BEGIN

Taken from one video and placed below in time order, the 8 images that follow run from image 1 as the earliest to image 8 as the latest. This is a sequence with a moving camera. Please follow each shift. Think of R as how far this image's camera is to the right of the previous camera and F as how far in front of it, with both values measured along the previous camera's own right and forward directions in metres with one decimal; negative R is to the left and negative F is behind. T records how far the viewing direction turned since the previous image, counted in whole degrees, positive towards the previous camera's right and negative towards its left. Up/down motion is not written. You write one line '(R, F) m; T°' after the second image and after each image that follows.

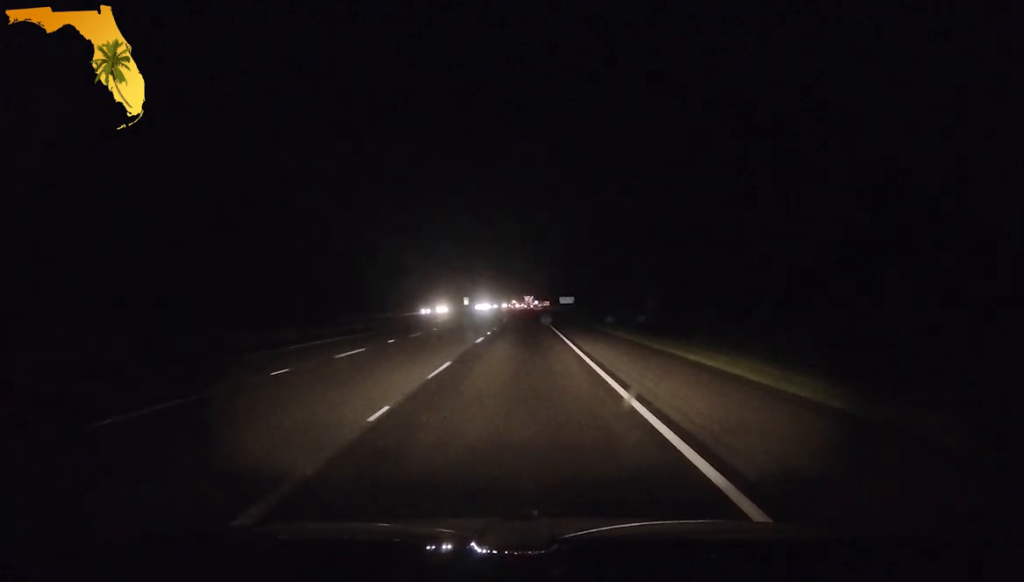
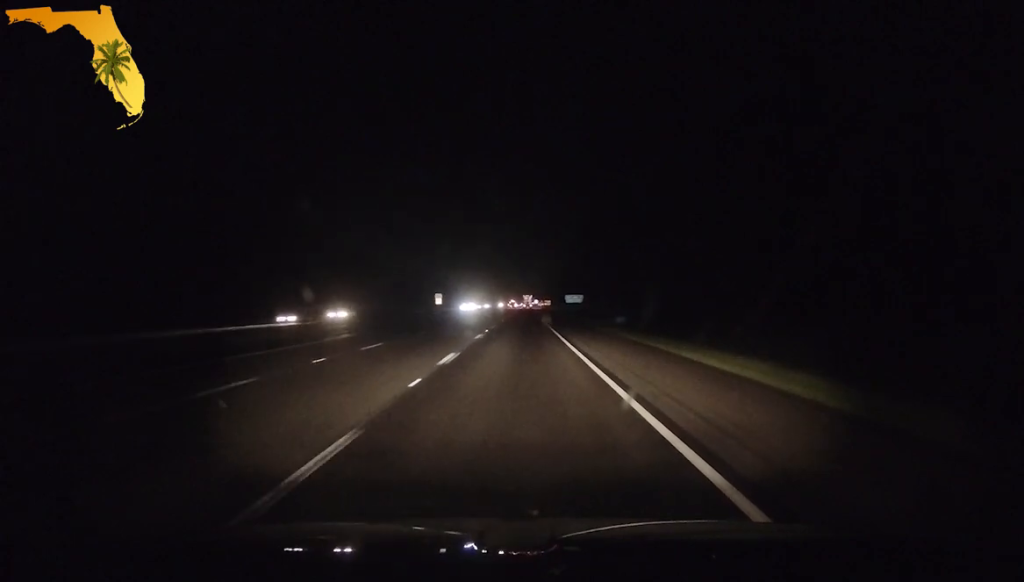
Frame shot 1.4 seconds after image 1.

END
BEGIN

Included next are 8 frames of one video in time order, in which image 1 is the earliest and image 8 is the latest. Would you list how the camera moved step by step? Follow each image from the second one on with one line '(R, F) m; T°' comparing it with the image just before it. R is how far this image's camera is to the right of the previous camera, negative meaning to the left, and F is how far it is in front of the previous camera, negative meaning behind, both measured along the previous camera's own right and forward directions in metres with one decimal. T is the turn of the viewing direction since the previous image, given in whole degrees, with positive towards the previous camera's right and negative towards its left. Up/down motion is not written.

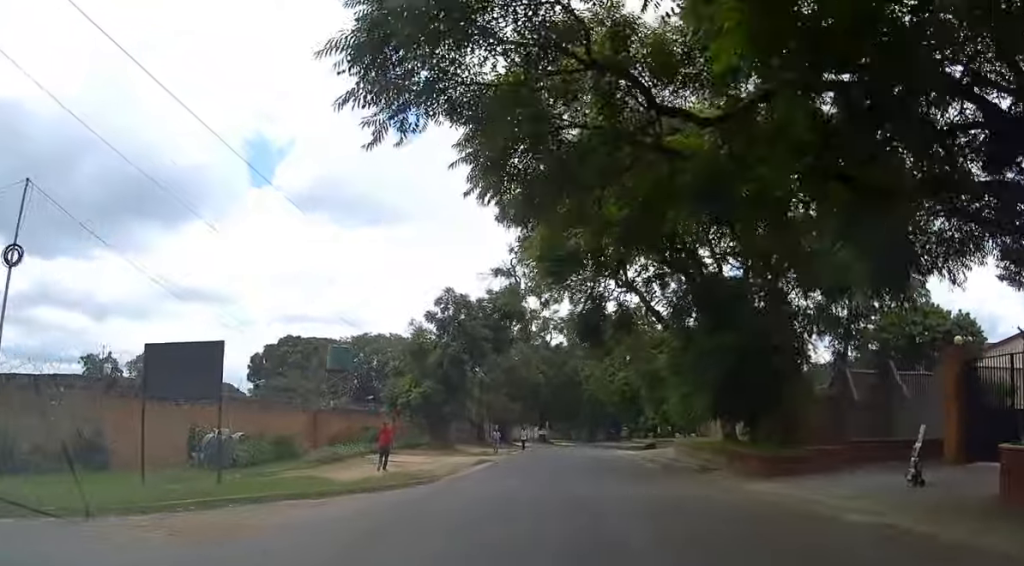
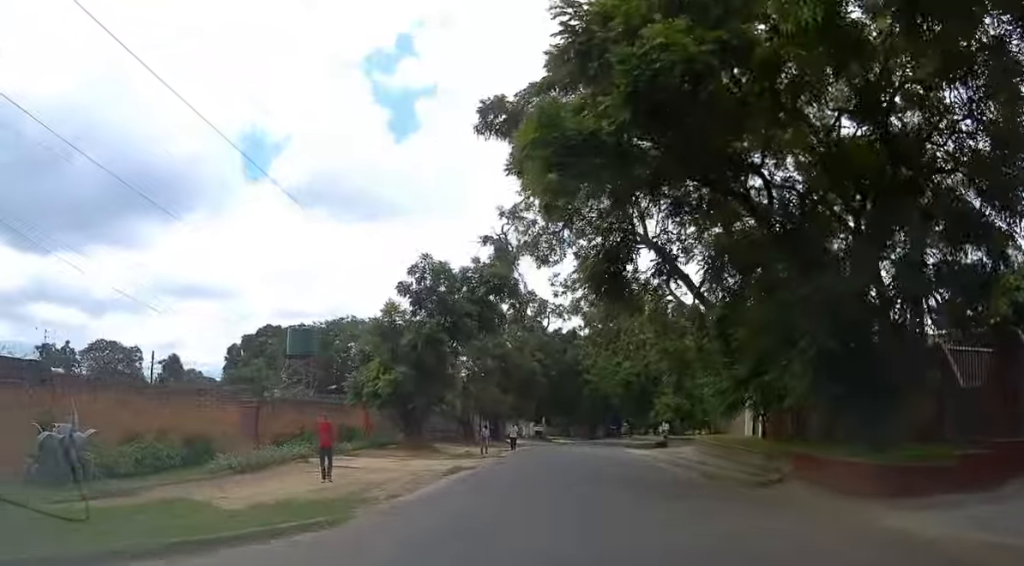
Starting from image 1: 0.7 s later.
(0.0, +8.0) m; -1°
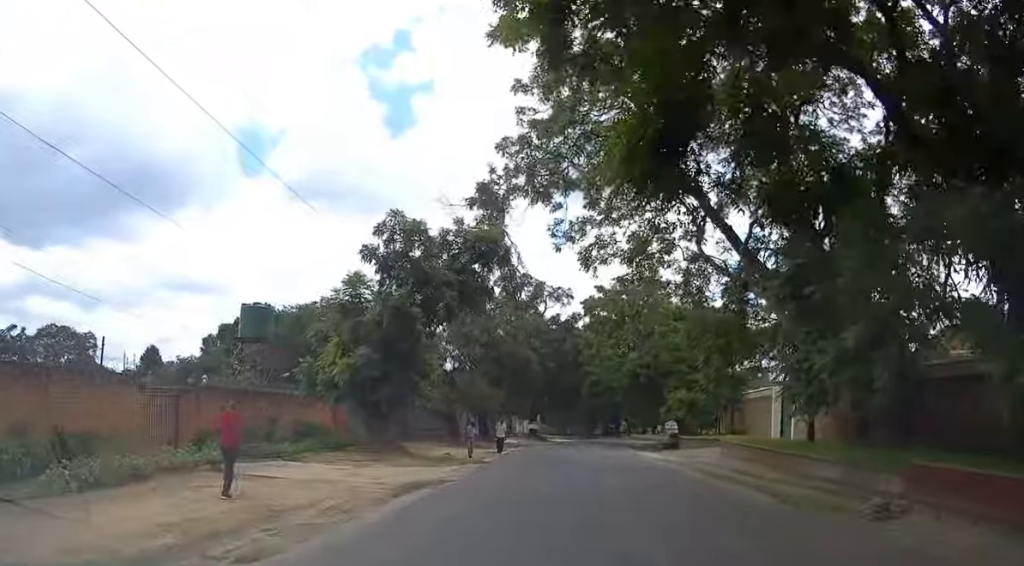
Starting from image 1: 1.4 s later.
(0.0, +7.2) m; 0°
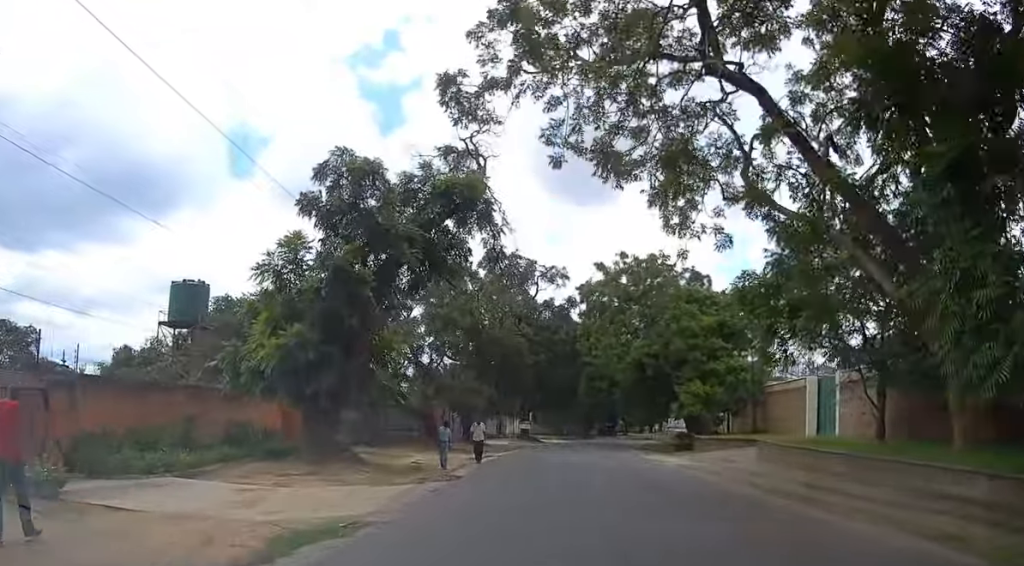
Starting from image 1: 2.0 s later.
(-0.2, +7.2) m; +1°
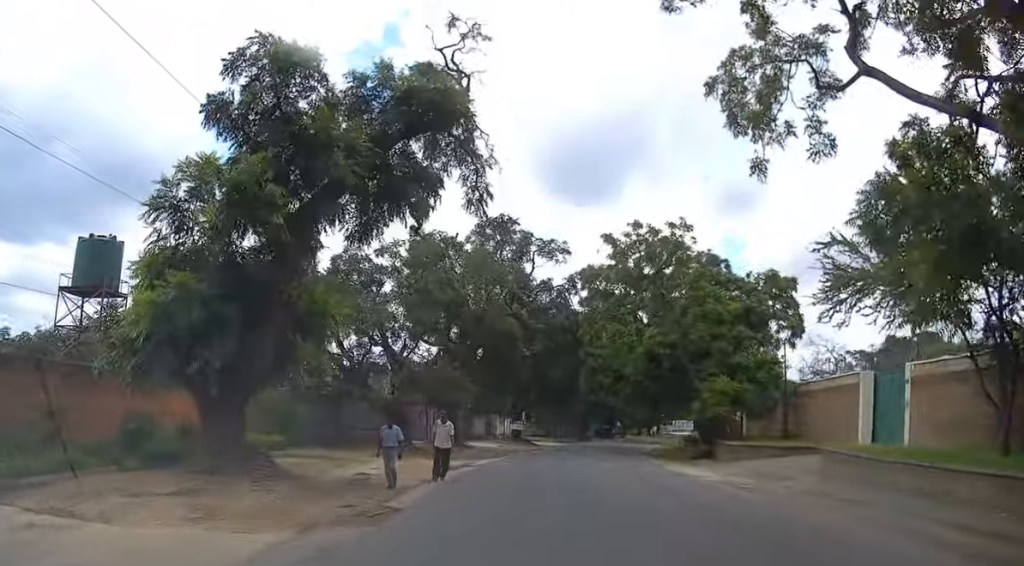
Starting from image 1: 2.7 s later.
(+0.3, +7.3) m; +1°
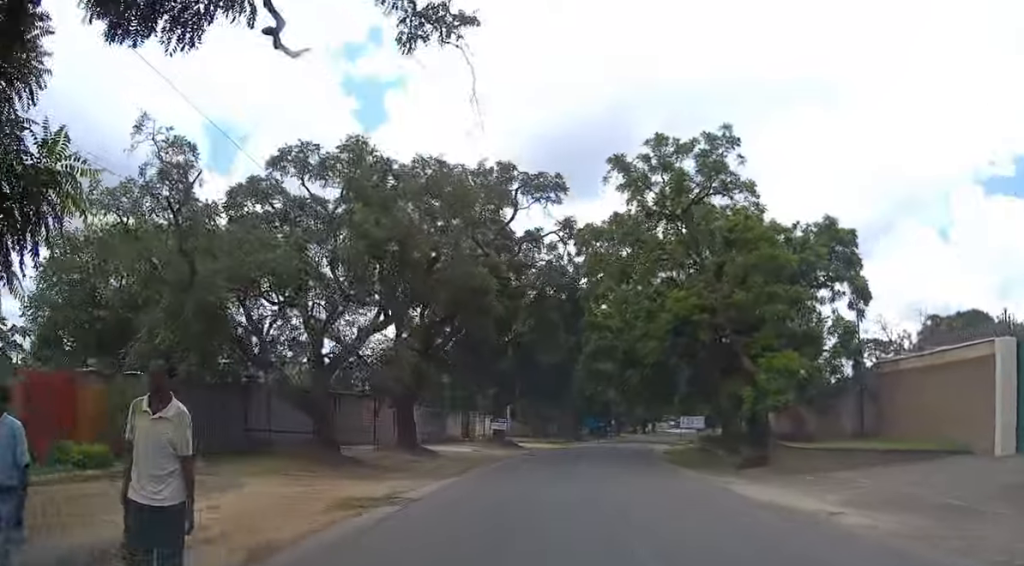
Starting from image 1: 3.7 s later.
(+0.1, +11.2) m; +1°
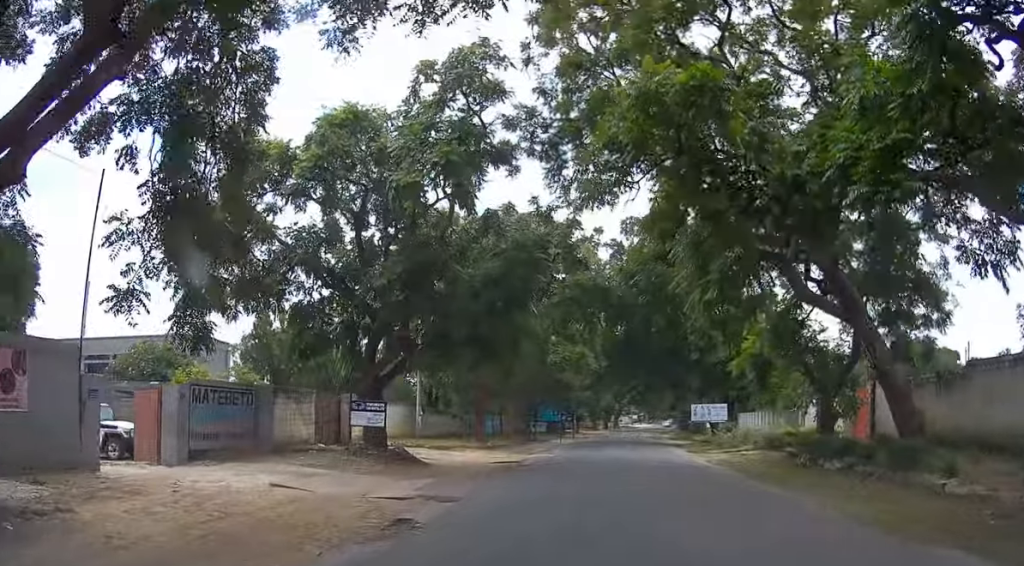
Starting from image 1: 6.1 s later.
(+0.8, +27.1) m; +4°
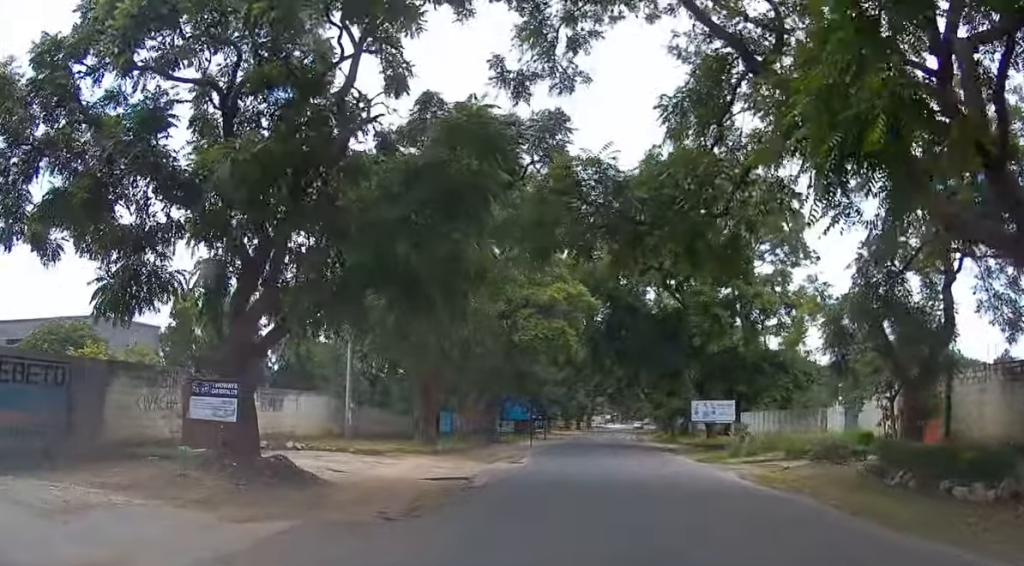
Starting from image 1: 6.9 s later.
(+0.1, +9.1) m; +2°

END

About this task ▸
Check each line of the records for the word "after" and extract those that contain it.

Your response ▸
Taken from one video and placed below in time order, the 8 images that follow run from image 1 as the earliest to image 8 as the latest. This is a sequence with a moving camera. Please follow each shift. Think of R as how far this image's camera is to the right of the previous camera and F as how far in front of it, with both values measured along the previous camera's own right and forward directions in metres with one decimal; negative R is to the left and negative F is behind. T records how far the viewing direction turned since the previous image, counted in whole degrees, positive towards the previous camera's right and negative towards its left. Up/down motion is not written. You write one line '(R, F) m; T°' after the second image and after each image that follows.
Frame shot 1.4 seconds after image 1.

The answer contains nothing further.